Look through the entries for the string "arched", and copy each line that holds it.

BEGIN Provided data

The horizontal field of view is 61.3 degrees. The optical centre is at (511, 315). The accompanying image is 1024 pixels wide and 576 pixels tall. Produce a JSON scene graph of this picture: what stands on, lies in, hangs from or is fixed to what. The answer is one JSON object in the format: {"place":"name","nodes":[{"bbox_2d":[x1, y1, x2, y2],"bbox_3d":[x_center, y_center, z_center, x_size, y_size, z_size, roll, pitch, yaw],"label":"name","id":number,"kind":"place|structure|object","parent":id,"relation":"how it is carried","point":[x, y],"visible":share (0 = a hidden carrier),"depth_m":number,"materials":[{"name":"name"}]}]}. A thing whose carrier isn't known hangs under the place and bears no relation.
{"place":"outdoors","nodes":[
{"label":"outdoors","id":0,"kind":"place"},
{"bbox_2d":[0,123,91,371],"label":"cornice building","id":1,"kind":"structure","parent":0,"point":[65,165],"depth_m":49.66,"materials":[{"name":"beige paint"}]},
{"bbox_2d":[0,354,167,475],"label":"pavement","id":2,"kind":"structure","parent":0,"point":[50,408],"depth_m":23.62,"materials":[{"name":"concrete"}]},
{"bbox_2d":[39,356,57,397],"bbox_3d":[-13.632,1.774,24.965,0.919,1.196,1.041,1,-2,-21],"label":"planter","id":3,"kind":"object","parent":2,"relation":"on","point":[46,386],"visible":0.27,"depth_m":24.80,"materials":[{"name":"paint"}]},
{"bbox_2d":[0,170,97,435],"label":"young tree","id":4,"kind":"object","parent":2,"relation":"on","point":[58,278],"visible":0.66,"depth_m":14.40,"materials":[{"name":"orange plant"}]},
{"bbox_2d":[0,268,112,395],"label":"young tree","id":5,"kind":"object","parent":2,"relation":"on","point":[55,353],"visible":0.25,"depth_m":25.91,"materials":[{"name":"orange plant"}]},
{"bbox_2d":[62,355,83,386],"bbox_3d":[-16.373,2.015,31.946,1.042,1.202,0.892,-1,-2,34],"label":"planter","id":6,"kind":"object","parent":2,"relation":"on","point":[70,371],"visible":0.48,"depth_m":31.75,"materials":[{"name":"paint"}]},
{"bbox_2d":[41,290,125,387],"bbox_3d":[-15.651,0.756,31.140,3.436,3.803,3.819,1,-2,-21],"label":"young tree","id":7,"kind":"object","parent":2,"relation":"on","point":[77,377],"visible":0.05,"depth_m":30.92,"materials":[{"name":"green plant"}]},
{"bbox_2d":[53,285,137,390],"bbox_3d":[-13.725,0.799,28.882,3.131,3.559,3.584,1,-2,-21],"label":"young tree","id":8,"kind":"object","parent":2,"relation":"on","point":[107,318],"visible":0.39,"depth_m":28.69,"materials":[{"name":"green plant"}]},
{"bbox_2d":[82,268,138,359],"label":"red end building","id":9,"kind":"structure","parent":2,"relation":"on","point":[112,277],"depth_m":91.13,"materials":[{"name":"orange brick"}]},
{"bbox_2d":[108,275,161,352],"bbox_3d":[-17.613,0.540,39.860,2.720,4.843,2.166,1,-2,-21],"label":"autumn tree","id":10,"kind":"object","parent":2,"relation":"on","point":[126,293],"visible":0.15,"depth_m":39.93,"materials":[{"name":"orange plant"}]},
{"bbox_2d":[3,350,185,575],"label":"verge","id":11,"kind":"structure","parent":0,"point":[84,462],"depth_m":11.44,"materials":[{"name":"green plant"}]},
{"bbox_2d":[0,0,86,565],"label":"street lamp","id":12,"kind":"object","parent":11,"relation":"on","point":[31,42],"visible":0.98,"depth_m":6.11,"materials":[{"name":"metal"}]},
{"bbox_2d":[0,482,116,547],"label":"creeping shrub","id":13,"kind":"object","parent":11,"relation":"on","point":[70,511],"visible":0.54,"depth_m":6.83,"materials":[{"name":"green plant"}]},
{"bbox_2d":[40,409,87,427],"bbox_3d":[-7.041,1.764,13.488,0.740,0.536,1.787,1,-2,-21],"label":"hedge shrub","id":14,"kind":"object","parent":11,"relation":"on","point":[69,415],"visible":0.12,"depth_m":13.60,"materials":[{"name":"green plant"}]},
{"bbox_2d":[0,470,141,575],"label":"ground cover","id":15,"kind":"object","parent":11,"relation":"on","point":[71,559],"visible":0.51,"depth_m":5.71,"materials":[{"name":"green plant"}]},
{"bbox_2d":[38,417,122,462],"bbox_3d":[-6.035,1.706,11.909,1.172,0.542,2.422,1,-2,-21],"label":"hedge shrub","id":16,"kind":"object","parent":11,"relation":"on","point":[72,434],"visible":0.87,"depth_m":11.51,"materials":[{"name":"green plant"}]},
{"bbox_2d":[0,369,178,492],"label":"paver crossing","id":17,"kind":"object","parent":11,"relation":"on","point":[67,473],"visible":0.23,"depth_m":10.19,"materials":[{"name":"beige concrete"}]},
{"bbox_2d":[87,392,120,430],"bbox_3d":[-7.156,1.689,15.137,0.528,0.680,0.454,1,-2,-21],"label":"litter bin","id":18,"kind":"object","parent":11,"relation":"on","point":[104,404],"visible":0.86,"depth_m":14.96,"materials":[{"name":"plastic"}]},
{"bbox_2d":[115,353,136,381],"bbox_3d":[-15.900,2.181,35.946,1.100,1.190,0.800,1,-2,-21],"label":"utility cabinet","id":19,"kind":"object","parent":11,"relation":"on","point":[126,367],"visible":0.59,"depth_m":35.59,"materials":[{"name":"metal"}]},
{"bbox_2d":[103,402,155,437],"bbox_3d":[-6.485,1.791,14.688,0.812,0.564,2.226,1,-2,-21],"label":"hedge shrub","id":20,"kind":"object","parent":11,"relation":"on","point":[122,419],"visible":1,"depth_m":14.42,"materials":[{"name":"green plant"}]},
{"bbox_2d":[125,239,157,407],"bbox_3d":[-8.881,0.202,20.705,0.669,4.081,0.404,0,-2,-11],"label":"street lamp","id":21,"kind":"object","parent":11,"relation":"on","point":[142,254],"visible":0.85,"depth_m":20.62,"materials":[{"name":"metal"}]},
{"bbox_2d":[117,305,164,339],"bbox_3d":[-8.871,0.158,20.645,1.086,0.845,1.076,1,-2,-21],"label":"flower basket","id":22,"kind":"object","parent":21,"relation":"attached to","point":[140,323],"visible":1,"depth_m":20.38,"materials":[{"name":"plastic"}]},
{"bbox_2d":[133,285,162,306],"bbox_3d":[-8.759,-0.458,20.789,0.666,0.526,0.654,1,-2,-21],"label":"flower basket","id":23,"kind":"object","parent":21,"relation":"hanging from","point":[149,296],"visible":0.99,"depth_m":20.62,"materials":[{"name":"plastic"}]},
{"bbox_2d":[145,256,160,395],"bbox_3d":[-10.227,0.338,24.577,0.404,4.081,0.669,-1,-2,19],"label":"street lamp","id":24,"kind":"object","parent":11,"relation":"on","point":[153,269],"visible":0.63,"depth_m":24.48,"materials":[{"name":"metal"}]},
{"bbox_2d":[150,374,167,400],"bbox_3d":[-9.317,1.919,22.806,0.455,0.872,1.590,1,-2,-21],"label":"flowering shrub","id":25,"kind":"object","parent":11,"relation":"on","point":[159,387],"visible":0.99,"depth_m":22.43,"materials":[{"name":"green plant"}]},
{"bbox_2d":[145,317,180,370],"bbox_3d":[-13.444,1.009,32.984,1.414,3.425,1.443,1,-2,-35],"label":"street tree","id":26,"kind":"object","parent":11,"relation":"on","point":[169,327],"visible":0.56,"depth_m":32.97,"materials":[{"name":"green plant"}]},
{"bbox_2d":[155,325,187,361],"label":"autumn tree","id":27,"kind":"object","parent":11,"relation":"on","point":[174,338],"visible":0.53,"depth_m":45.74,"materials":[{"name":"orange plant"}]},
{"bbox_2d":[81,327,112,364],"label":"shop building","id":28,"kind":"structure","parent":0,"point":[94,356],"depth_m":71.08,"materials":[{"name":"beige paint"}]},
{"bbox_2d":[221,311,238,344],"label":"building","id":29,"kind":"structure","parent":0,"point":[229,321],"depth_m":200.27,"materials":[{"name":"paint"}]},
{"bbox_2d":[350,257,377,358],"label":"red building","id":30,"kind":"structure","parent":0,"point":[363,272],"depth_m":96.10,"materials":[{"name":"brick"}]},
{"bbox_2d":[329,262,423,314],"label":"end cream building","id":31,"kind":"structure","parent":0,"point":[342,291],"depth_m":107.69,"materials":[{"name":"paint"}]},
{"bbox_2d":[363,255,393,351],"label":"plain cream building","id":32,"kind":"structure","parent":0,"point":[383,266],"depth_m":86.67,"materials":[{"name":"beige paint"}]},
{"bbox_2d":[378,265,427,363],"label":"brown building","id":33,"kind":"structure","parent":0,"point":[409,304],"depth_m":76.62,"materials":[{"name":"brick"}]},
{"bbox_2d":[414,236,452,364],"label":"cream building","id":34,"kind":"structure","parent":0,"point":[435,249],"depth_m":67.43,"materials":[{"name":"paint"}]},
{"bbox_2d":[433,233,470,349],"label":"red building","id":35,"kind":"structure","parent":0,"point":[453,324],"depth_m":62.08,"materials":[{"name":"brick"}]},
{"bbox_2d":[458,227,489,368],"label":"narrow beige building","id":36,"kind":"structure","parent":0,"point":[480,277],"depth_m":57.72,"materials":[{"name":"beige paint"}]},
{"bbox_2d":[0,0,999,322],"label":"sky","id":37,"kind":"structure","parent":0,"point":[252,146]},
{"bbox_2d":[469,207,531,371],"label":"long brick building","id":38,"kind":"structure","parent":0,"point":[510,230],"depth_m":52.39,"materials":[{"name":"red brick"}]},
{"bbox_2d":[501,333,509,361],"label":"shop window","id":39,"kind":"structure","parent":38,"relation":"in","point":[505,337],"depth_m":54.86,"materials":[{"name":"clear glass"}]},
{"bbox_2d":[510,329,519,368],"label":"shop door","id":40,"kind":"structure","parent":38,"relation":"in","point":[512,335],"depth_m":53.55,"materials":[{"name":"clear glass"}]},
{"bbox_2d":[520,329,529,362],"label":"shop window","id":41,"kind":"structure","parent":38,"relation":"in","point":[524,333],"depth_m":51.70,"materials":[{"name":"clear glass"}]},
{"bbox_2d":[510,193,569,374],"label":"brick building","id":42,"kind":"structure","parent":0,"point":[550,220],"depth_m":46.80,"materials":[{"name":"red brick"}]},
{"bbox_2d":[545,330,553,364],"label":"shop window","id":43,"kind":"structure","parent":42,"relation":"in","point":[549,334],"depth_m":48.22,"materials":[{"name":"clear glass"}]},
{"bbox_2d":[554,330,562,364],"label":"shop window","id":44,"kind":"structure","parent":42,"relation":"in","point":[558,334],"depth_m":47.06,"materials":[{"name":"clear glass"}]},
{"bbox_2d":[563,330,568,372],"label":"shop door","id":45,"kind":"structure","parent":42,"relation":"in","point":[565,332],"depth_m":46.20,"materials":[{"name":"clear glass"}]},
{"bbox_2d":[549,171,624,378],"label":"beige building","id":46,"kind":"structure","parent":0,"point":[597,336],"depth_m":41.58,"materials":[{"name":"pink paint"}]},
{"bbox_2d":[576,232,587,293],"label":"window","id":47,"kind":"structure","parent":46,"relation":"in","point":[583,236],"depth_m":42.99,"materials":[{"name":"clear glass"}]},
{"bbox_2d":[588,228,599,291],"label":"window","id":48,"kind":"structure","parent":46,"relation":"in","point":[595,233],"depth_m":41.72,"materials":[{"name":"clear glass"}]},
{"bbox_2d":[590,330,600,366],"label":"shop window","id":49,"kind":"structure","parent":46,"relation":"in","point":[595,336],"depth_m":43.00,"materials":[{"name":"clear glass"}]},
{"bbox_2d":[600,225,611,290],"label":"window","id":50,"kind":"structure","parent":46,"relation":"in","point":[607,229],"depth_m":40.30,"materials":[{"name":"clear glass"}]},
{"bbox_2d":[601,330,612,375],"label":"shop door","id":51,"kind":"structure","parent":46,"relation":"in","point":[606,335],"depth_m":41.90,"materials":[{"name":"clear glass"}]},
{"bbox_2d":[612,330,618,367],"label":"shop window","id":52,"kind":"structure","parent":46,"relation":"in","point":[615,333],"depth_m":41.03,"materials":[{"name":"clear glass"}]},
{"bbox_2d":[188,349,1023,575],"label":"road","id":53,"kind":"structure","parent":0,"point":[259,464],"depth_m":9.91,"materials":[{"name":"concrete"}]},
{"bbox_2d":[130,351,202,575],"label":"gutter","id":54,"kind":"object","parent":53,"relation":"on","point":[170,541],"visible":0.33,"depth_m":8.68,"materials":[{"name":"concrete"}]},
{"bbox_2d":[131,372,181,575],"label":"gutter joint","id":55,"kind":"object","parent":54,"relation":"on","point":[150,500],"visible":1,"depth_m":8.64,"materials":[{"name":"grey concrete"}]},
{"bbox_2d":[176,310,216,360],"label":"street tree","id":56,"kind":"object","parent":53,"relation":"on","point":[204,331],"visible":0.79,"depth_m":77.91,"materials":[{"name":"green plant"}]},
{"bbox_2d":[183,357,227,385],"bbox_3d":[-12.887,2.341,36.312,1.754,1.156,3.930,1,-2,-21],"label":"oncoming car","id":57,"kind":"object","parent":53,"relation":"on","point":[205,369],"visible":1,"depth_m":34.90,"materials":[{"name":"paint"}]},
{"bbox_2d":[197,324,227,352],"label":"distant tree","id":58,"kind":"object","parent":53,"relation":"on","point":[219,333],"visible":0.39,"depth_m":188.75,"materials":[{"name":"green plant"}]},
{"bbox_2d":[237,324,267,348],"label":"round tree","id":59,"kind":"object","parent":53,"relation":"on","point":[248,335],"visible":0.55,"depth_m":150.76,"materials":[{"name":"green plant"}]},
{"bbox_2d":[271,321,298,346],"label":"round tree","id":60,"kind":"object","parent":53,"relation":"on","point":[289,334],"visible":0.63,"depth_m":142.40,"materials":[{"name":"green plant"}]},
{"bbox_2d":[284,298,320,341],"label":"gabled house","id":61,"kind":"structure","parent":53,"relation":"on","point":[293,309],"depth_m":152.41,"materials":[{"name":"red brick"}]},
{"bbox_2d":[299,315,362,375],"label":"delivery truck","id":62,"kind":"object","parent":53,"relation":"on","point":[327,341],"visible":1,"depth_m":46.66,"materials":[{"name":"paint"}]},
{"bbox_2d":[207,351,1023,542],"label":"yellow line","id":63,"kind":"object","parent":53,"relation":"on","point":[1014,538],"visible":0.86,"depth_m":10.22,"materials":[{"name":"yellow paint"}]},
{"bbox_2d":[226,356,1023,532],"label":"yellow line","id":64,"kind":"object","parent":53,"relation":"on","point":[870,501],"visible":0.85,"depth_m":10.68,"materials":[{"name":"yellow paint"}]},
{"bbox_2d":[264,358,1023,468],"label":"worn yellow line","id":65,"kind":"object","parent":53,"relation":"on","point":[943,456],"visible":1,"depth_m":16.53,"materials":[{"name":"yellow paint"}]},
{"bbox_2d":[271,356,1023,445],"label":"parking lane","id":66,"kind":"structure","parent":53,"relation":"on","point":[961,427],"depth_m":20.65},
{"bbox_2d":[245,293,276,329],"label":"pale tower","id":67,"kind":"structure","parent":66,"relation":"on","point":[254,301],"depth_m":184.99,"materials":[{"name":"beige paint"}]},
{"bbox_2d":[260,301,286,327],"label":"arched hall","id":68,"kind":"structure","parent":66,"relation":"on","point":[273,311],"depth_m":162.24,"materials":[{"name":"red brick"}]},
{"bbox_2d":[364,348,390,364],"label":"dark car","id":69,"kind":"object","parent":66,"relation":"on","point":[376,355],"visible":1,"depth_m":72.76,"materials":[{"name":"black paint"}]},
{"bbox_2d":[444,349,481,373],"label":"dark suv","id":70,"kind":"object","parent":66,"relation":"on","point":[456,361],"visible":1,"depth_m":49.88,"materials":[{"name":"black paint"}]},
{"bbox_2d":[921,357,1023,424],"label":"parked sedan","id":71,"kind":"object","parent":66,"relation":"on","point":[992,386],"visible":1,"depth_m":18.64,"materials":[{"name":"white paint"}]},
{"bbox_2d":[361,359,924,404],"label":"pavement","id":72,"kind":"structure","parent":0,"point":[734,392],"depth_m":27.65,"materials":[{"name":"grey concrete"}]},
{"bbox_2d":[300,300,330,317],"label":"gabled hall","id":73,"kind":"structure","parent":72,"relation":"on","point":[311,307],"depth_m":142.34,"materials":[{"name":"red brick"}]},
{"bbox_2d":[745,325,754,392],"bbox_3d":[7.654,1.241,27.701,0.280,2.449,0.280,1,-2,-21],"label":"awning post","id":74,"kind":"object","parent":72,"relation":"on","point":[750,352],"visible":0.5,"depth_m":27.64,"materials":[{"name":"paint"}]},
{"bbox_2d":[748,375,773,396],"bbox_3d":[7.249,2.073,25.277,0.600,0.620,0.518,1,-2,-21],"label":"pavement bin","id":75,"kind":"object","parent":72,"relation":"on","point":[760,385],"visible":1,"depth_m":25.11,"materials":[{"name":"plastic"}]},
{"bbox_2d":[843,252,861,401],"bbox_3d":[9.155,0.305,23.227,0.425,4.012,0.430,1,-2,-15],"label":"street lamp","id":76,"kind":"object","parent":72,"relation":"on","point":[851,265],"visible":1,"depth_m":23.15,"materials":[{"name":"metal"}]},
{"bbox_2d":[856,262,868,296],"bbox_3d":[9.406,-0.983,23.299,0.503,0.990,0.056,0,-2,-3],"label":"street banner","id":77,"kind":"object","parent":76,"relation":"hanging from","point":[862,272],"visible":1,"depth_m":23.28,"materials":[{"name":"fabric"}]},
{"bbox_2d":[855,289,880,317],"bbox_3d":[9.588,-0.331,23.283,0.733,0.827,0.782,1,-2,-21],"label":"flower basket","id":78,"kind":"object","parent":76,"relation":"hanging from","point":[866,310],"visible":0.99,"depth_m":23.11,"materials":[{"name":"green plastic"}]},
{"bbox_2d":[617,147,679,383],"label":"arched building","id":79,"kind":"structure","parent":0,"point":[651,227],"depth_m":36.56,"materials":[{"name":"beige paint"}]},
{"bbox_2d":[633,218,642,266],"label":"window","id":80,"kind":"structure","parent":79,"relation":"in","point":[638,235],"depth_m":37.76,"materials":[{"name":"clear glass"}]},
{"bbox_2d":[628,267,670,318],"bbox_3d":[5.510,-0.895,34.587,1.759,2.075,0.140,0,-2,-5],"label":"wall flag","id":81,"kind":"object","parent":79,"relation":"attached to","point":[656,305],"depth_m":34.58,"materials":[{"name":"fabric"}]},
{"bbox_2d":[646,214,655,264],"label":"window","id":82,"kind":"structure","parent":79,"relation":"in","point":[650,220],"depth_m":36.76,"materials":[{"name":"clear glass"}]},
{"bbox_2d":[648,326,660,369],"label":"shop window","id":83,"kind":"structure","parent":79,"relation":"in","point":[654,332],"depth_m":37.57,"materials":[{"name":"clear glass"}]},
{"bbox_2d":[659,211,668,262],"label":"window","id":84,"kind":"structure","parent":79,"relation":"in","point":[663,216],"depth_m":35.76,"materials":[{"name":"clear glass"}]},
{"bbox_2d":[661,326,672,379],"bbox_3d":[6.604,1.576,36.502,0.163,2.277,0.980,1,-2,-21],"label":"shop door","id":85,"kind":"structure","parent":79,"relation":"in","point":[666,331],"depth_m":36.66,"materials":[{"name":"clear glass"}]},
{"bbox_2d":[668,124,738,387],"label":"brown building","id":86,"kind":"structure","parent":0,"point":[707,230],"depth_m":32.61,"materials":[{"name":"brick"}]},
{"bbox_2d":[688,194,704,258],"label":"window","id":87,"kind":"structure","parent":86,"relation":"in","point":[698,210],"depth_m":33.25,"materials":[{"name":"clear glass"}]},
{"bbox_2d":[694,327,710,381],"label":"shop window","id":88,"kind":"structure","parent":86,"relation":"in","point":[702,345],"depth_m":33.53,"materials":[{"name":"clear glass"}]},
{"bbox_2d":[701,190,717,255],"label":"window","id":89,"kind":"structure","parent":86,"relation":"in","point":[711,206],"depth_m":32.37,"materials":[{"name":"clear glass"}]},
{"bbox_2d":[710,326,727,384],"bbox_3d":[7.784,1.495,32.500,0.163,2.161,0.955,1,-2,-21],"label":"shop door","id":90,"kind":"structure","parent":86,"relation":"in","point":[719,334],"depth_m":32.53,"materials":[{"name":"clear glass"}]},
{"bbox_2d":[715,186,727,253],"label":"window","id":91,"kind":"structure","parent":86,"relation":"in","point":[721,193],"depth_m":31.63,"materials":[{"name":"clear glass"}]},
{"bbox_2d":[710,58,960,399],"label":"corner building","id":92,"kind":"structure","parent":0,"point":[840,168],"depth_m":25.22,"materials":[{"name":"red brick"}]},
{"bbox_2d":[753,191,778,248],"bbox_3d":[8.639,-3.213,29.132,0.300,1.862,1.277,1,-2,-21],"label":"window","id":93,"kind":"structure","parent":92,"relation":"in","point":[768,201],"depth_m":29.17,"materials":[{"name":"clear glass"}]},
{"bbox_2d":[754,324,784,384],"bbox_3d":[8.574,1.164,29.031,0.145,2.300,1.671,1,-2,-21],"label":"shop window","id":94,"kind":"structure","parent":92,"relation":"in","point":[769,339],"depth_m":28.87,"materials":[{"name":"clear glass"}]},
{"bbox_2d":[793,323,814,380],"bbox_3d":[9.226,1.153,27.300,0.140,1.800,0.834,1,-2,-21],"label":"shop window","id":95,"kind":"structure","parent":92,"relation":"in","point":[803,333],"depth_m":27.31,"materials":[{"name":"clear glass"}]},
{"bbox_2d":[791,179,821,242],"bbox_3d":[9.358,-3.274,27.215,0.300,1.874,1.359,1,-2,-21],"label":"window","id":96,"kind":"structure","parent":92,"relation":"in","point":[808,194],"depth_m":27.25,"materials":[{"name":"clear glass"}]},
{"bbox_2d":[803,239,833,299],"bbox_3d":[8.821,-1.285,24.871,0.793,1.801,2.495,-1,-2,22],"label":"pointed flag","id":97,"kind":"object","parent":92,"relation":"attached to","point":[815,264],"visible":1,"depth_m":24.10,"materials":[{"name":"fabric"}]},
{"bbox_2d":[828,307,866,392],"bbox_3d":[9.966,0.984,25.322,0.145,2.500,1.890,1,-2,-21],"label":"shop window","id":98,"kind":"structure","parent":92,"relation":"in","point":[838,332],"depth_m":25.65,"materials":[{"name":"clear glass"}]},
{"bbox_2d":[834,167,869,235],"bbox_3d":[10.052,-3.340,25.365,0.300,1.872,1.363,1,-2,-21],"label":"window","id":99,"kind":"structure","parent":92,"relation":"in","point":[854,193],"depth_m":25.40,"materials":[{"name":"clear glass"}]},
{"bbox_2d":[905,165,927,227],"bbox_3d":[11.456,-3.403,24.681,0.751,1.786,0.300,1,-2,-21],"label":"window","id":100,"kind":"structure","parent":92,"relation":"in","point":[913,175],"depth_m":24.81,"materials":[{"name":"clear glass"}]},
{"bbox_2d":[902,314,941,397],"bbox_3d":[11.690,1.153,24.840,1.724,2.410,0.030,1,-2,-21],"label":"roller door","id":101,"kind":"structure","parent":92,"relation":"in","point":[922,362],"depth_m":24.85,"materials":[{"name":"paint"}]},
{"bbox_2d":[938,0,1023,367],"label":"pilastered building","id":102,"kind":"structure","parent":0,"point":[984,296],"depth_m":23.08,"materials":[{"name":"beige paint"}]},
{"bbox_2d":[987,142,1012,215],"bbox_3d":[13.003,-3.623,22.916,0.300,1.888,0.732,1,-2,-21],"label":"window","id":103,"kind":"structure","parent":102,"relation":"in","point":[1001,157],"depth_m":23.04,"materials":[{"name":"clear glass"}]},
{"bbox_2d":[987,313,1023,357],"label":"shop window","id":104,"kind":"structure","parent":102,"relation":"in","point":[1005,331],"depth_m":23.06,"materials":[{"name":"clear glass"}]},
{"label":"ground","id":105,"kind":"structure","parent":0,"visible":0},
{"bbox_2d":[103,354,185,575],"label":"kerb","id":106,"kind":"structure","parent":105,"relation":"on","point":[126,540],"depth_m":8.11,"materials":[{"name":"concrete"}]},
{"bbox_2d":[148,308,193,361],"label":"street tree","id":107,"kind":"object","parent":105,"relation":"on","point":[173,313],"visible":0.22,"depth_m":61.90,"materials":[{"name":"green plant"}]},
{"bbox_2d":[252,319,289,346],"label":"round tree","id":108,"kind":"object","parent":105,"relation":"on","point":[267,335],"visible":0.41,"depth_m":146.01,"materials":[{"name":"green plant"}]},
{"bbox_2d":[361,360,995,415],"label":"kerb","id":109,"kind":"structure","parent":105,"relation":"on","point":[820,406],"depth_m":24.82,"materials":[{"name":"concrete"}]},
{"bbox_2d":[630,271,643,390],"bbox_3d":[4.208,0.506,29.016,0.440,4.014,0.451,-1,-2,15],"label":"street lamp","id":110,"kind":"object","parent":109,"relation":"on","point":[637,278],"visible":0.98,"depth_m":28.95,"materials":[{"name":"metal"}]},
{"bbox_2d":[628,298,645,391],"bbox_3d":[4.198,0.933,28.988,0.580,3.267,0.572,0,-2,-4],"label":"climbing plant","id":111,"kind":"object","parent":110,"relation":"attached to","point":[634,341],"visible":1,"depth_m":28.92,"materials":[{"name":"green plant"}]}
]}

END Provided data

_Exercise output_.
{"bbox_2d":[260,301,286,327],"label":"arched hall","id":68,"kind":"structure","parent":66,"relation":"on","point":[273,311],"depth_m":162.24,"materials":[{"name":"red brick"}]},
{"bbox_2d":[617,147,679,383],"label":"arched building","id":79,"kind":"structure","parent":0,"point":[651,227],"depth_m":36.56,"materials":[{"name":"beige paint"}]},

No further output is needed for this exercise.